F Orbital Shape

F Orbital

The sequence for the f block is unique.  Beginning with lanthanum (Z=57) it starts a block that contains 15 elements. The 5^th level of a tetrahedron has 15 units.  There are 15 elements for the f block (Z=57 to 71), although an odd number affects the number of orbitals (14 / 2 = 7).  It converts a proton to neutron in the next d block to compensate, beginning with the 5d block.

Protons forming in nucleus. The f orbital has 15 protons to complete a fifth level of a tetrahedral structure.

Shape

The f orbital is more complex, but follows the same rules based on proton alignment as the p and d orbitals.  When completely full it is similar to the d orbital, but cut in half (eight lobes instead of four).  It is based on the points in the nucleus rotation where the gluons of opposite spin protons align.

Shape of the f orbital due to eight points in rotation where sum of forces is not at 4f distance 

Proton Fill Order

Similar to the d orbital, the first proton has a unique shape because it is in the center and does not have multiple protons in alignment on the tetrahedral edge.  The 5^th row of a tetrahedron has three center protons now (Z=57 to 59).  As a result, these three elements have different shapes than the remaining spin up protons which will be placed on the triangle’s edge (tetrahedral face).  These shapes are highlighted in yellow in the figure below.

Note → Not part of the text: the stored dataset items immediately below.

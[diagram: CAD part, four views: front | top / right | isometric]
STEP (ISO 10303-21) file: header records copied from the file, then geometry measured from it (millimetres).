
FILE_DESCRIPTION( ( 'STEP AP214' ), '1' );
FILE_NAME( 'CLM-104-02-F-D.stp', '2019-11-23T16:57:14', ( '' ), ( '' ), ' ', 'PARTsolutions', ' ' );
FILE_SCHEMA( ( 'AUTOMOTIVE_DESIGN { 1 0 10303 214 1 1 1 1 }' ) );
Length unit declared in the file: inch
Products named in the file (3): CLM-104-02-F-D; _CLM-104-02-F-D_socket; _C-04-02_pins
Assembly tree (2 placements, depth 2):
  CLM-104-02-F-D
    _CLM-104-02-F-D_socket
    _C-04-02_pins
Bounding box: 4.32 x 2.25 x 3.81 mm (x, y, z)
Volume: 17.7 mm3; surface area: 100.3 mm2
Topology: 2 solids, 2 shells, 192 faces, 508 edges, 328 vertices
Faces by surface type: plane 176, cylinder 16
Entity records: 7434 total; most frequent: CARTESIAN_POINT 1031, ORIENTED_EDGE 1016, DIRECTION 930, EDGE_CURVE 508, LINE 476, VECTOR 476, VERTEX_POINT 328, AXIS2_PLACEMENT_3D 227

Fill order of the 1^st to 3^rd f orbital electrons (bottom view shown) 

Also, similar to the d orbital, protons continue to build outwards from the center.  The next three protons (Z=60 to 63) occupy the space at the edge of the triangle and tetrahedral face.  Now, with many protons in alignment on this face, it has the lobe shapes seen in the p and d orbitals, but they are cut in half due to an extra proton now matching spin during the nucleus rotation.  These shapes are highlighted in yellow below.

Fill order of the 4^th to 6^th f orbital electrons (bottom view shown) 

Once again, similar to the d orbital, the last spin up proton must be placed on one of the three triangular edges.  It will share an edge with an existing x-y spin up proton, but the orbital is shifted on this plane because of the location of the proton.

Fill order of the 7^th f orbital electron (bottom view shown) 

Finally, seven spin down protons are added to the 5^th row of a tetrahedral structure to complete the orbitals.  There are now 7 spin up and 7 spin down protons.  This matches the orbitals seen in the f series.  However, there is one more space in the 5^th row of a tetrahedron because it has 15 units.  One last proton completes this row and it causes the next d block series to have 9 elements.  This is confirmed in the Periodic Table of Elements as the 5d block (Z=72 to 80) contains 9 elements.  In addition, the transition from 4f to 5d and again from 5f to 6d shows a mass increase that includes at least three neutrons before the next element.  This means that the d block has a neutron take the position of a proton so that it can have 9 protons in a row, otherwise it requires 10 units to complete a row (two of the three neutrons are separation neutrons and the third occupies the proton’s position).

Fill order of the remaining f orbital electrons (bottom view shown) 

Using the same rules that enabled the calculations of orbital distances, specifically that the proton is a pentaquark with gluons that align to cause a repelling force, the probability nature and shape of orbitals can be logically explained.  The shapes match a nucleus structure that is based on a tetrahedral sequence.  This nucleus structure is then further validated by the atomic element sequence seen in the Periodic Table of Elements, described in more detail in the next section.